The following is one of dozens of stories contained in “Foundry Street”, which includes memories of growing up in Lachute in the 1950s and 1960s. Author Léonard Lafleur will be in Vankleek Hill on Friday, August 7, to sign and sell copies of his book. He will be set up safely outdoors on the verandah at Vankleek Cottage, located at 105 Main Street East in Vankleek Hill. You can come to meet Léonard between noon and 3 p.m.

If you cannot make it that day, you can email: [email protected] to order your book and organize safe pick-up at The Review.

And now: Our Back Yard

The old house on the corner of Bethany and Foundry (now Lafleur Street) certainly had character due to its Victorian heritage, having been erected at the turn of the previous century by great-granddad Odilon Biroleau dit Lafleur for the princely sum of $2500.

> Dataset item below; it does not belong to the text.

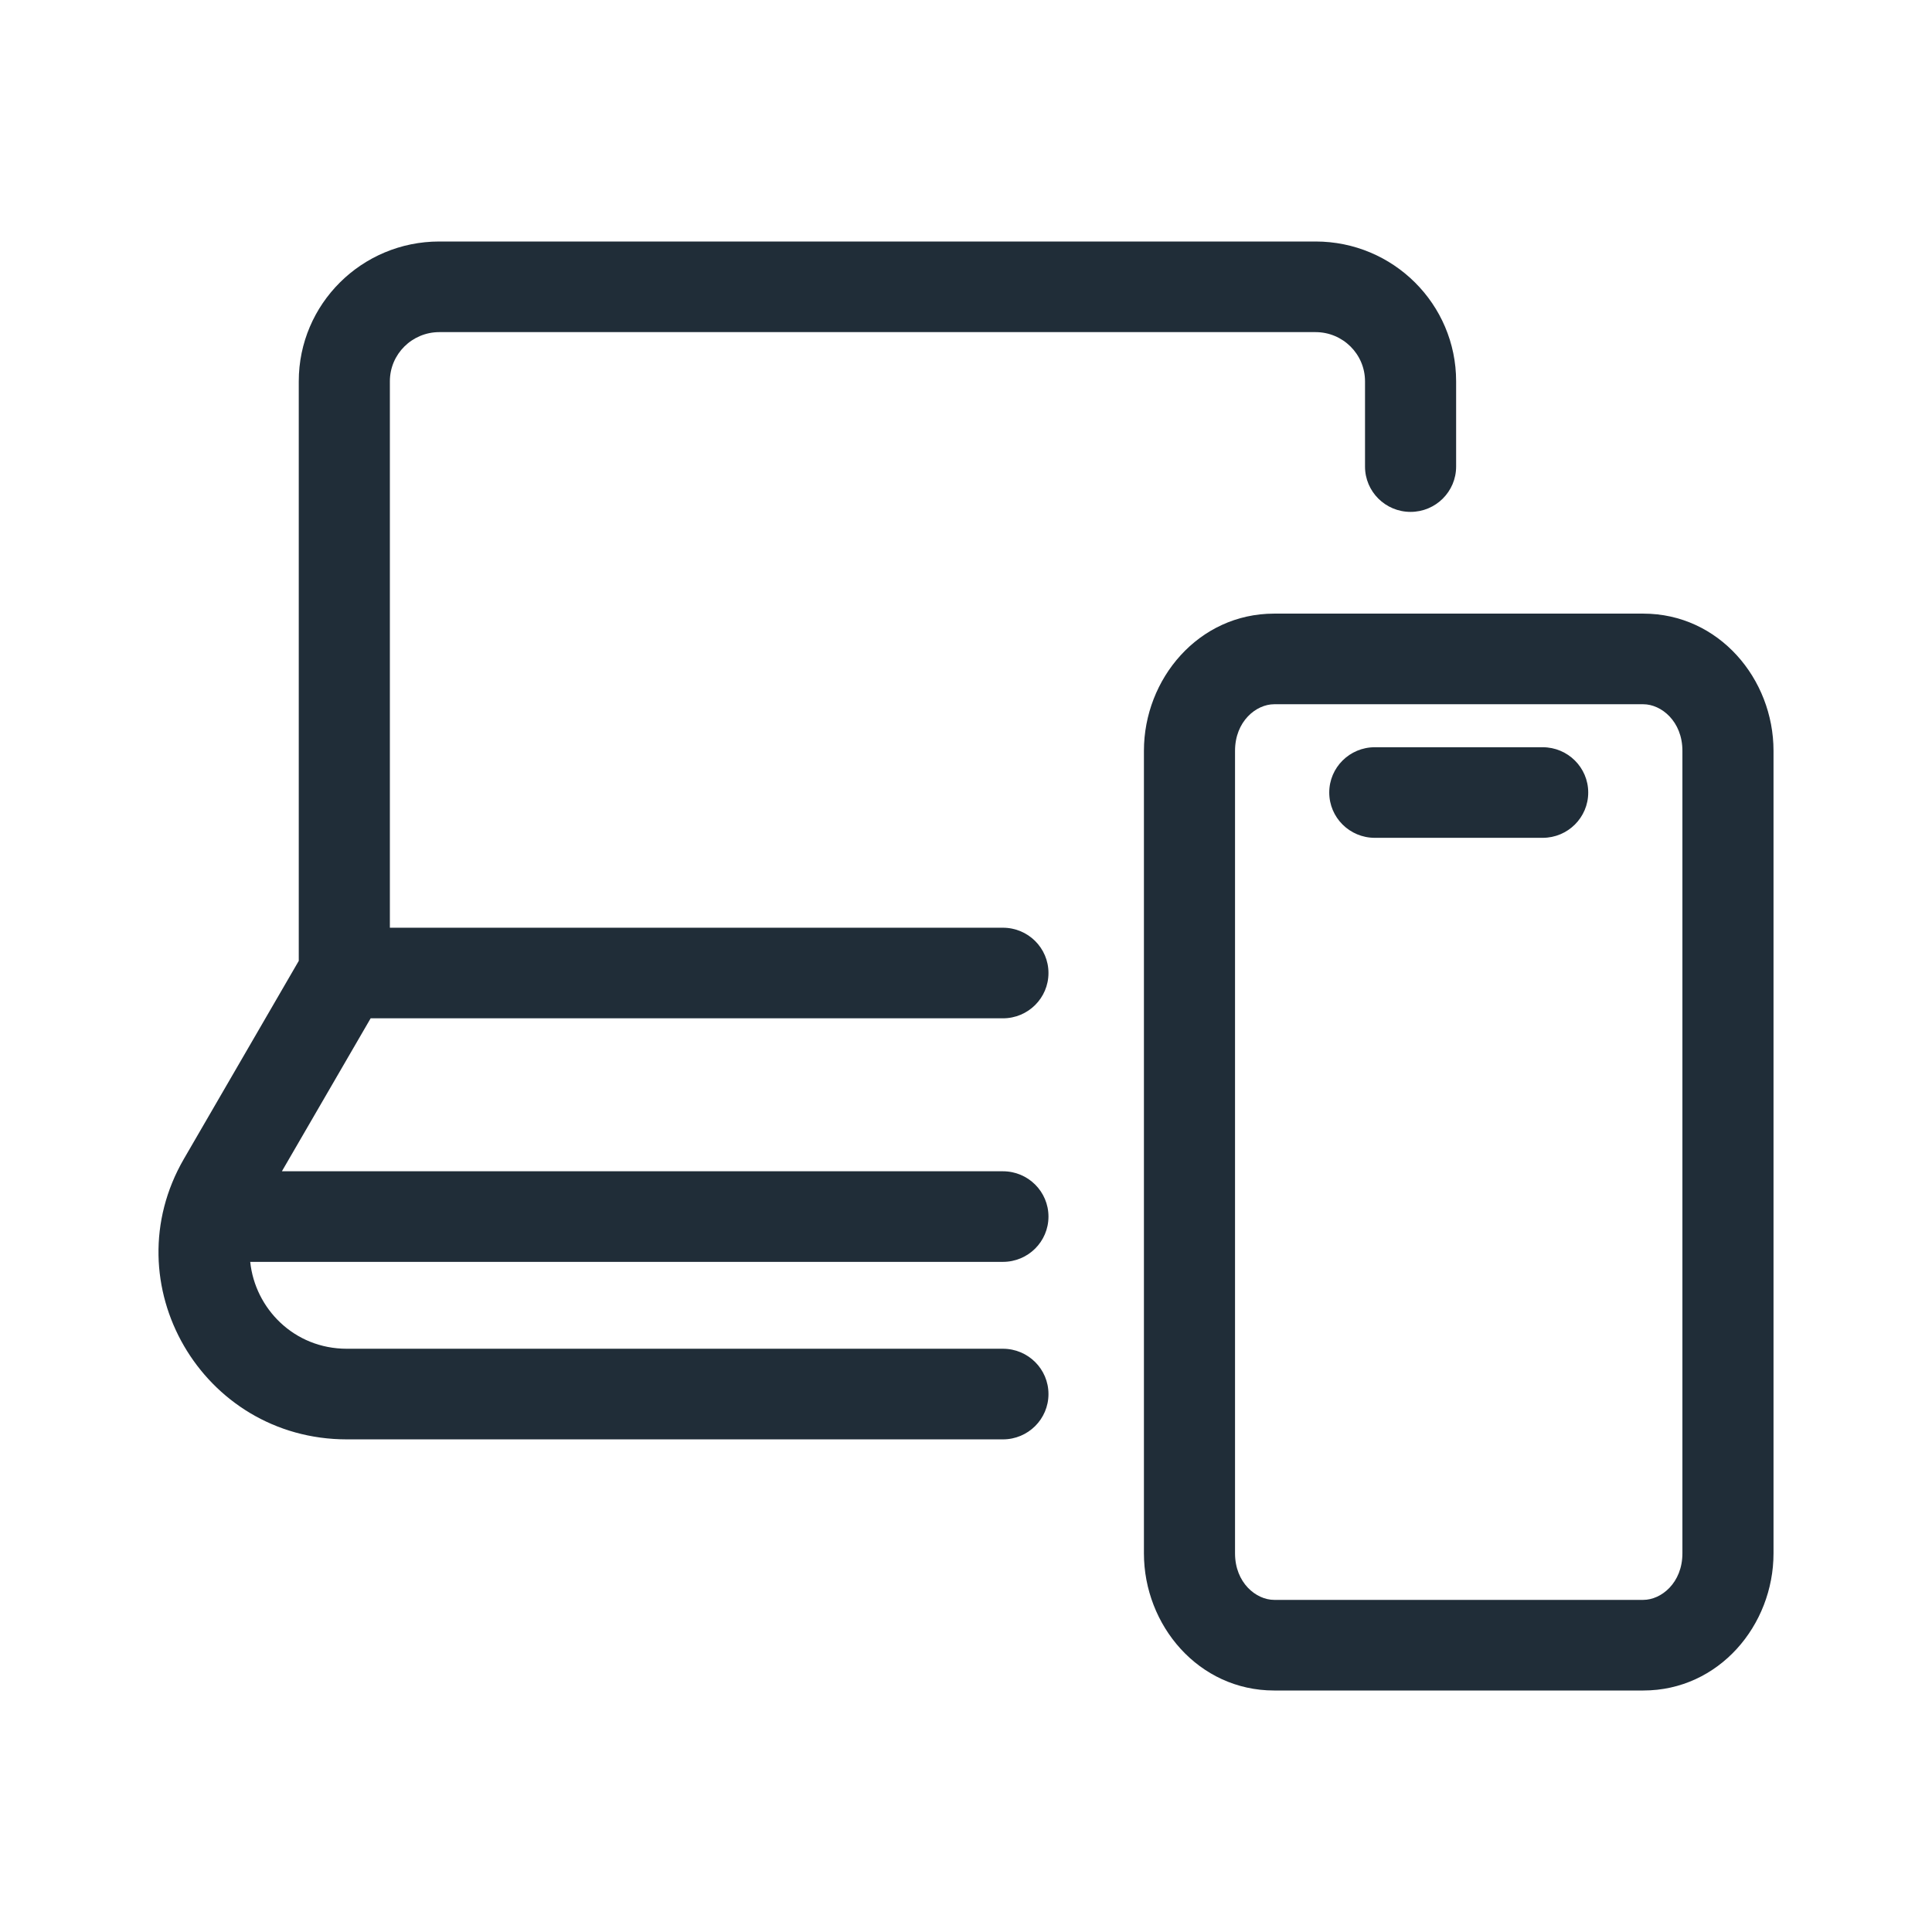 <?xml version="1.0" encoding="UTF-8"?>
<svg xmlns="http://www.w3.org/2000/svg" width="64" height="64" viewBox="0 0 64 64" fill="none">
  <path fill-rule="evenodd" clip-rule="evenodd" d="M14.553 11.002C13.649 11.002 12.915 11.731 12.915 12.631V30.732L33.223 30.732C34.057 30.732 34.732 31.403 34.732 32.232C34.732 33.061 34.057 33.733 33.223 33.733L16.365 33.733C16.364 33.733 16.363 33.733 16.363 33.733H12.278L9.338 38.8H33.223C34.057 38.8 34.732 39.472 34.732 40.301C34.732 41.13 34.057 41.801 33.223 41.801H8.289C8.448 43.34 9.735 44.679 11.489 44.679H33.223C34.057 44.679 34.732 45.351 34.732 46.18C34.732 47.009 34.057 47.681 33.223 47.681H11.489C6.694 47.681 3.697 42.519 6.093 38.388L9.897 31.83V12.631C9.897 10.073 11.982 8 14.553 8H43.58C46.151 8 48.236 10.073 48.236 12.631V15.456C48.236 16.285 47.56 16.957 46.727 16.957C45.893 16.957 45.218 16.285 45.218 15.456V12.631C45.218 11.731 44.484 11.002 43.58 11.002H14.553ZM42.207 20.327L54.437 20.327C56.94 20.327 58.75 22.488 58.75 24.872L58.75 51.456C58.75 53.84 56.94 56 54.437 56L42.207 56C39.704 56 37.894 53.84 37.894 51.456L37.894 24.872C37.894 22.488 39.704 20.327 42.207 20.327ZM54.437 23.329L42.207 23.329C41.613 23.329 40.912 23.894 40.912 24.872L40.912 51.456C40.912 52.434 41.613 52.998 42.207 52.998L54.437 52.998C55.031 52.998 55.732 52.434 55.732 51.456L55.732 24.872C55.732 23.894 55.031 23.329 54.437 23.329ZM44.033 26.253C44.033 25.425 44.708 24.753 45.542 24.753H51.103C51.936 24.753 52.612 25.425 52.612 26.253C52.612 27.082 51.936 27.754 51.103 27.754H45.542C44.708 27.754 44.033 27.082 44.033 26.253Z" fill="#202D38"></path>
</svg>

Our home had numerous nooks and crannies, two towers, a tall tin roof, high ceilings, beautiful wood floors and banisters. The location might have been great in the early part of the 20th century, sadly, encroaching commercialism and receding family housing had left it stranded, a beautiful orphan.
Our family settled into our home over a period of decades. As we grew and – ahem! multiplied, the house stretched here, grew there, accommodated our needs in ways that would have made great-granddad Odile proud.

The backyard was a square, about 75 by 80 feet (figure it out, young meter lovers!). A tin-roofed garage stood on the border with the Cousineaus, our neighbours to the east. A three-foot-high fence closed off the yard on three sides, while our neighbour and saintly friend Mrs. Picken (surely a saint for tolerating the Doctor’s and Mrs. Lafleur’s 10 little hell raisers for all those years) had a five-foot-high chain link fence bordering our property. I suppose she had the purest reasons as her backyard and garden were pure perfection. Ours, to say the least, was not.

The Picken fence gradually acquired an alarming curvature, as our frequent forays for lost balls, or arrows, or whatever, caused a dip at the centre post.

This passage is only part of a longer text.